A cantiga “Grândola, Vila Morena” foi escrita por José Afonso (Zeca) e editada em 1971 no álbum “Cantigas de Maio” do mesmo autor, que contava com a direcção musical de José Mário Branco. Para além de muito bonita, com uma letra poderosa, como são todas as letras de Zeca, esta música tem ainda um significado muito especial. Foi usada pelo MFA como 2.ª senha de sinalização da revolução de Abril de 1974. Era, por isso, a confirmação de que a revolução estava em marcha. É um símbolo muito importante que merece ser tratado com carinho e muito cuidado.
A democracia e a liberdade, de que a cantiga “Grândola, Vila Morena” é um símbolo, não são coisas garantidas nem perenes. Podem desaparecer, pelo que precisam de ser cuidadas, educadas e tratadas com muito atenção e dedicação. Não podem ser pura e simplesmente usadas, assim como a cantiga.
Vejo e leio o que se vai passando pelo país, com apupos, cantigas e amuos, e lembro-me de uma frase que li algures: “É preciso muita coragem para ser diferente e muita competência para fazer a diferença”.

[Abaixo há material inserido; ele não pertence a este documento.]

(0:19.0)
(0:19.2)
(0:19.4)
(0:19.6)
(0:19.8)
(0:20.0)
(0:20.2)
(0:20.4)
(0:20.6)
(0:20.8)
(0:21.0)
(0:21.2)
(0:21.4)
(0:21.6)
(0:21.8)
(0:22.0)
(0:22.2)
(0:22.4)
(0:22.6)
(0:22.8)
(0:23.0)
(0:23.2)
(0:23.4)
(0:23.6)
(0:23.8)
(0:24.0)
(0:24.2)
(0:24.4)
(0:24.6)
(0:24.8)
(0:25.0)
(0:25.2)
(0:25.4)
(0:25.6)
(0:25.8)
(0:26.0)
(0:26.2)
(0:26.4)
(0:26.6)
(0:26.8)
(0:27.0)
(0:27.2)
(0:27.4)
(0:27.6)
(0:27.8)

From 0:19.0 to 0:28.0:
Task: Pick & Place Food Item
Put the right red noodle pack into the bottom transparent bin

Três ideias-chave que não vejo em nenhum dos lados da barricada: coragem, competência e diferença. Mas estas ideias estão bem marcadas na cantiga do Zeca Afonso, que as tratou sem nunca usar as respectivas palavras. Uma cantiga que apela a uma atitude nobre e séria (de missão) na gestão da coisa pública. Uma cantiga que dá corpo a um povo que está farto de enganos e de comprar gato quando pediu lebre. Está farto de ver os seus interesses, como cidadãos e contribuintes, sempre em último plano. Está farto de ver os contractos geracionais a serem sistematicamente rasgados, sem uma explicação, sem uma palavra. Está farto de ver, aparentemente sem capacidade de reacção, Portugal a morrer. No fundo um povo que vive angustiado por ver um sonho ruir. Um sonho que renasceu numa maravilhosa manhã de Abril de 1974, onde de novo uma nação descobriu que era capaz e se podia unir.

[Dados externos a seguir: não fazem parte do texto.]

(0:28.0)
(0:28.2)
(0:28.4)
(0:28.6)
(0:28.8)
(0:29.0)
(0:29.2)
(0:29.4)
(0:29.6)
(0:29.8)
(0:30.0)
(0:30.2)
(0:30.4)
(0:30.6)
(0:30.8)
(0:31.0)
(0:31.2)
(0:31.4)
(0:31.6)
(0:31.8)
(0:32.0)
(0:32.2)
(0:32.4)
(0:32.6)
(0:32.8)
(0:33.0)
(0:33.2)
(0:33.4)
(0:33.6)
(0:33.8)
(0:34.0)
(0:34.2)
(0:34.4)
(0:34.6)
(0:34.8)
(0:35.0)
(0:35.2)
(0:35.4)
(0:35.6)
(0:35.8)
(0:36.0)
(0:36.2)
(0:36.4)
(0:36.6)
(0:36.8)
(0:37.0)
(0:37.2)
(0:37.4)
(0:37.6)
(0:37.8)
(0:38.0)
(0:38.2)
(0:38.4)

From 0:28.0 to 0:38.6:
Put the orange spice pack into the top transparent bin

Aquilo que vejo, ouço e leio aponta para um caminho que levará a mais um MONUMENTAL ENGANO. Nada mudará, porque nada foi feito para isso. Será tudo um pouco mais do mesmo. Mais da mesma irresponsabilidade. Mais do mesmo comportamento ligeiro e impreparado. Mais da mesma ausência de compromisso e de respeito pela palavra dada. Mais das mesmas promessas irrealistas, feitas por quem não faz a mínima ideia do que deve ser feito. Mais da mesma incapacidade de olhar as pessoas nos olhos e dizer-lhes o que está certo, que vai ser muito complicado mas nós somos capazes, EM CONJUNTO, de mudar este país para algo de decente. Sem excepções. Sem tudo para alguns e nada para todos os outros. Sem justiça. Sem preocupação social. Sem moral cívica responsável. Sem uma ideia para Portugal, um país rico, com capacidades imensas e que pode ser, se quiser, um local de eleição nessa Europa sem valores, sem princípios e sem coesão. MUDAR, só se faz com uma ideia, um plano, compromisso e mobilização. E isso exige debate franco e aberto. Sem isso não há mudança verdadeira desse nome. Quanto muito há boas intenções mas sem sustentabilidade, e que no final serão inexoravelmente enganos e desilusões. Aparentemente, ENGANAR é fácil. Só conheço uma receita que é de certeza eficaz contra os enganos: ver, ler, ouvir, debater (e até cantar) e… PENSAR PELA PRÓPRIA CABEÇA. Por favor não PRESCINDAM DISSO. É isso que diz a fabulosa cantiga de Zeca Afonso.